Nearly all pathways to meeting the Paris Agreement’s highest ambition of keeping global temperatures to 1.5C above pre-industrial levels in 2100 involve CDR techniques – ranging from tree-planting to sucking CO2 from air with machines.
This is in addition to steep and immediate emissions cuts.
Scientists expect carbon emissions to push warming beyond 1.5C in the decade ahead, meaning that the target can only be achieved “from above” via large-scale CDR that brings down global temperatures.
These temperature trajectories are known as “overshoot” pathways.
The third “state of CDR” report, written by more than 50 scientists, says that countries’ current CDR plans would fall short of what is needed to limit warming to 1.5C by more than 5bn tonnes of CO2 (GtCO2) per year by 2050.
Global CDR would have to increase fourfold – from 2.2GtCO2 in 2026 to 8.75GtCO2 by 2050 – to have a chance of meeting the 1.5C target by 2100, according to the report.
It adds that deploying CDR can be a “gradual process”, making the period 2026-30 “crucial” for “establishing CDR’s role in limiting climate damages” in the future.
Below, Carbon Brief covers the key findings of the third state of CDR report. (This follows from Carbon Brief’s coverage of the first report in 2023 and second report in 2024.)
- What is CDR?
- What are current levels of CDR?
- How much CDR is needed to reach net-zero goals?
- What does the science say about the potential and costs of CDR?
- What have governments pledged on CDR?
- What is the current funding and research landscape for CDR?
- How is policy impacting CDR demand?
What is CDR?
According to the report, the definition of CDR is:
“Human activities capturing CO2 from the atmosphere and storing it durably in geological, terrestrial or ocean reservoirs, or in products.
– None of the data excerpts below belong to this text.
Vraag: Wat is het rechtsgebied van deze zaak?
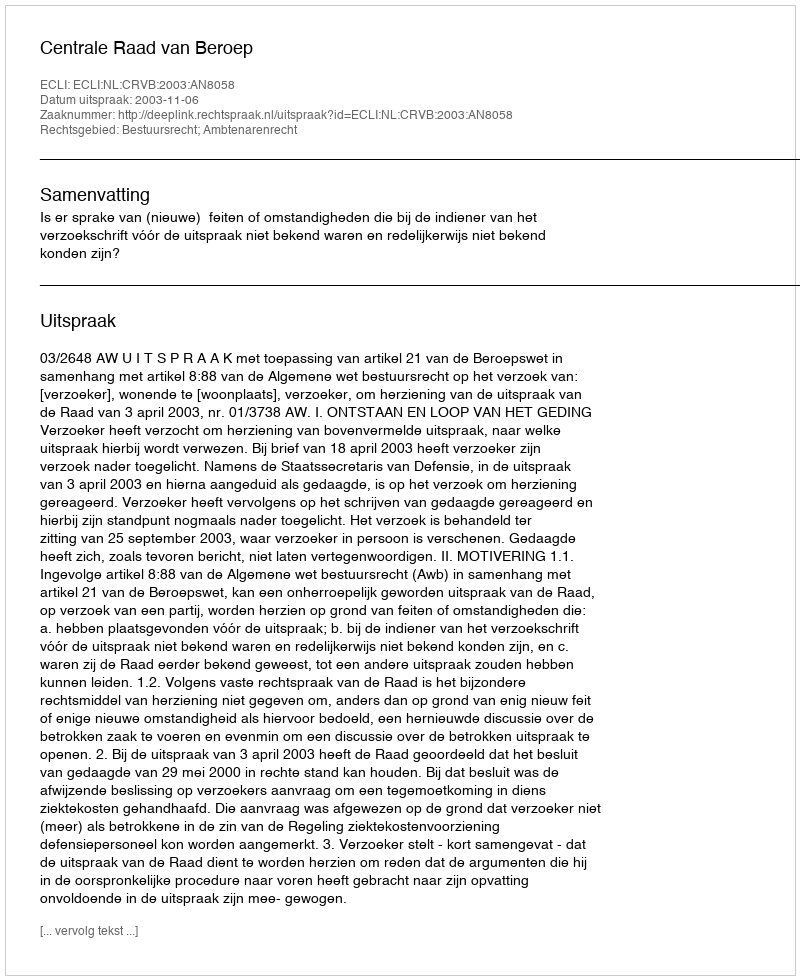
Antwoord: Bestuursrecht; Ambtenarenrecht
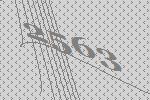
2563
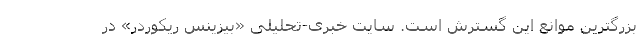
بزرگترین موانع این گسترش است. سایت خبری-تحلیلی «بیزینس ریکوردر» در
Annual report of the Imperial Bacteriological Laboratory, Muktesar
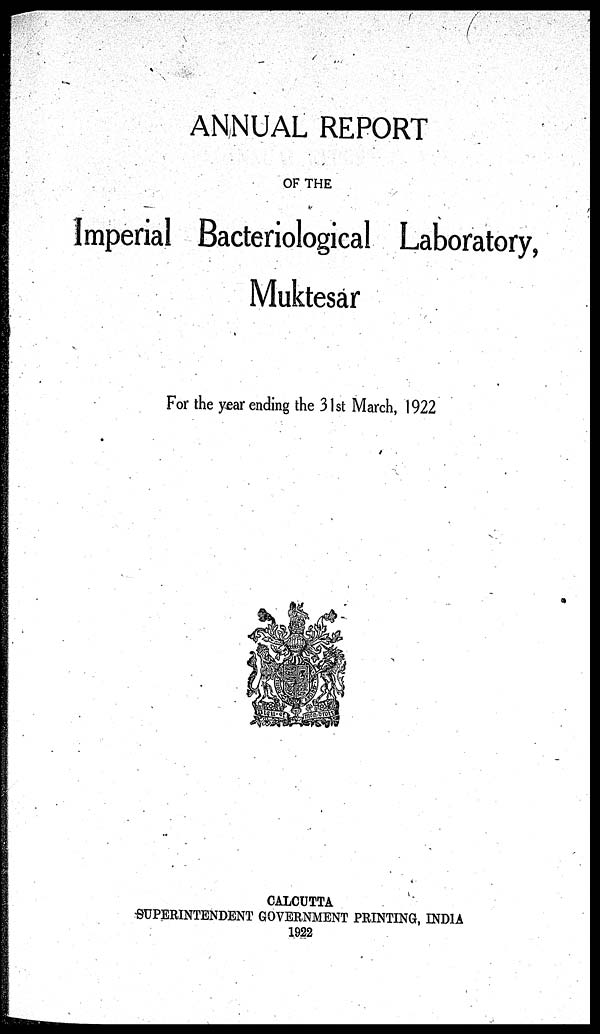
ANNUAL REPORT
OF THE
Imperial Bacteriological Laboratory,
Muktesar
For the year ending the 31st March, 1922
CALCUTTA
SUPERINTENDENT GOVERNMENT PRINTING, INDIA
1922
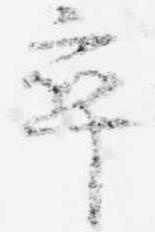
卒
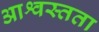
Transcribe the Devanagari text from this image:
आश्वस्तता
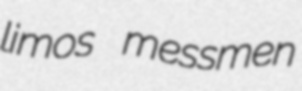
limos messmen
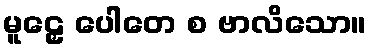
မူဠှေ ပေါတေ စ ဗာလိသော။
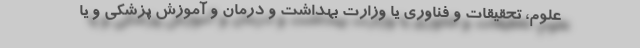
علوم، تحقیقات و فناوری یا وزارت بهداشت و درمان و آموزش پزشکی و یا
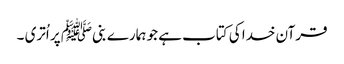
قرآن خدا کی کتاب ہے جو ہمارے بنیﷺ پر اُتری ۔
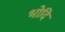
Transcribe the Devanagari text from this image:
भोदि
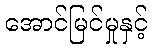
အောင်မြင်မှုနှင့်
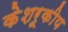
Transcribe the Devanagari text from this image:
केशरूकीय
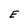
Character: E

This includes human enhancement of natural removal processes but excludes natural uptake not directly caused by anthropogenic [human-caused] activities.”
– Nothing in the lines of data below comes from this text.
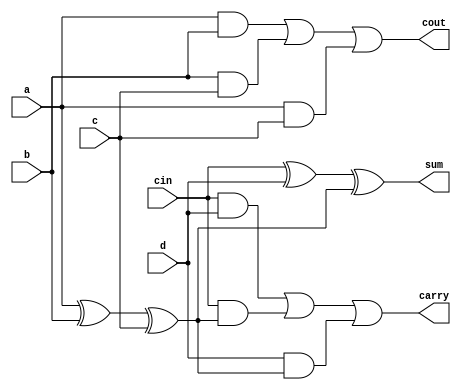
// This program was cloned from: https://github.com/siliconcompiler/lambdalib
// License: MIT License

//#############################################################################
//# Function: Carry Save Adder (4:2) (aka 5:3)                                #
//# Copyright: Lambda Project Authors. All rights Reserved.                   #
//# License:  MIT (see LICENSE file in Lambda repository)                     #
//#############################################################################

module la_csa42 #(
    parameter PROP = "DEFAULT"
) (
    input  a,
    input  b,
    input  c,
    input  d,
    input  cin,
    output sum,
    output carry,
    output cout
);

    assign cout   = (a & b) | (b & c) | (a & c);
    assign sumint = a ^ b ^ c;
    assign sum    = cin ^ d ^ sumint;
    assign carry  = (cin & d) | (cin & sumint) | (d & sumint);

endmodule
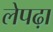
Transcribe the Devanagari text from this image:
लेपढ़ा
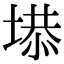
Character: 塨
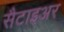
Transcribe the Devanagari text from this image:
सैटाइअर
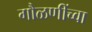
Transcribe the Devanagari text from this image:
गौळणींच्वा
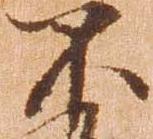
不
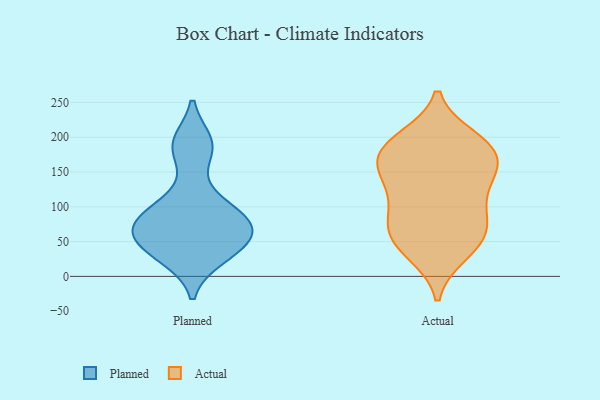
{"axis": {"x": "Budget (USD K)", "y": "Value"}, "legend": ["Actual", "Planned"], "data": [{"x": "", "y": 87, "type": "Planned"}, {"x": "", "y": 69, "type": "Planned"}, {"x": "", "y": 183, "type": "Planned"}, {"x": "", "y": 28, "type": "Planned"}, {"x": "", "y": 70, "type": "Planned"}, {"x": "", "y": 109, "type": "Planned"}, {"x": "", "y": 75, "type": "Planned"}, {"x": "", "y": 192, "type": "Planned"}, {"x": "", "y": 48, "type": "Planned"}, {"x": "", "y": 38, "type": "Planned"}, {"x": "", "y": 51, "type": "Actual"}, {"x": "", "y": 94, "type": "Actual"}, {"x": "", "y": 180, "type": "Actual"}, {"x": "", "y": 156, "type": "Actual"}, {"x": "", "y": 196, "type": "Actual"}, {"x": "", "y": 61, "type": "Actual"}, {"x": "", "y": 68, "type": "Actual"}, {"x": "", "y": 82, "type": "Actual"}, {"x": "", "y": 120, "type": "Actual"}, {"x": "", "y": 32, "type": "Actual"}, {"x": "", "y": 148, "type": "Actual"}, {"x": "", "y": 68, "type": "Actual"}, {"x": "", "y": 33, "type": "Actual"}, {"x": "", "y": 199, "type": "Actual"}, {"x": "", "y": 195, "type": "Actual"}, {"x": "", "y": 159, "type": "Actual"}, {"x": "", "y": 140, "type": "Actual"}, {"x": "", "y": 177, "type": "Actual"}, {"x": "", "y": 115, "type": "Actual"}, {"x": "", "y": 171, "type": "Actual"}]}
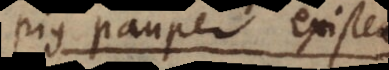
pius pauper existens
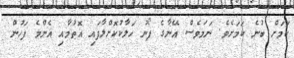
ކަމަށް ބުނެ ކަމަށެވެ. ނަމަވެސް އޭނާގެ ފޯނު ހަލާކުކޮށްލާފައި އޮތުމާއި އެންމެ ފަހުން
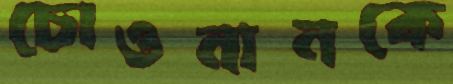
চোওনানকে
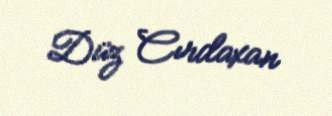
Düz Cırdaxan
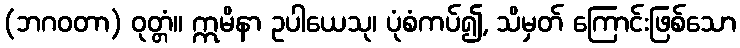
(ဘဂဝတာ) ဝုတ္တံ။ ဣမိနာ ဥပါယေသု၊ ပုံစံကပ်၍, သိမှတ် ကြောင်းဖြစ်သော

In addition to this, the report includes “three key principles” for CDR, which are:
- The captured CO2 must come from the atmosphere, not from “fossil sources”.
- The subsequent storage “must be durable”, so that the CO2 is not soon reintroduced to the atmosphere.
- The removal must result from human intervention that is in addition to Earth’s natural processes.
In this report, a CDR method is considered durable if it is able to lock up carbon for “decades or more”.
The report classifies CDR techniques as either “conventional” or “novel”.
“Convential” CDR techniques are “well established, already deployed at scale and widely reported by countries as part of [land-use] activities”.
The methods included in this group are tree-planting, ecosystem restoration, agroforestry (trees in agriculture), improving soil carbon in croplands and natural lands, and durable wood production.
“Novel” CDR techniques have “lower level of readiness for deployment and, as a consequence, are currently deployed at smaller scales”, says the report.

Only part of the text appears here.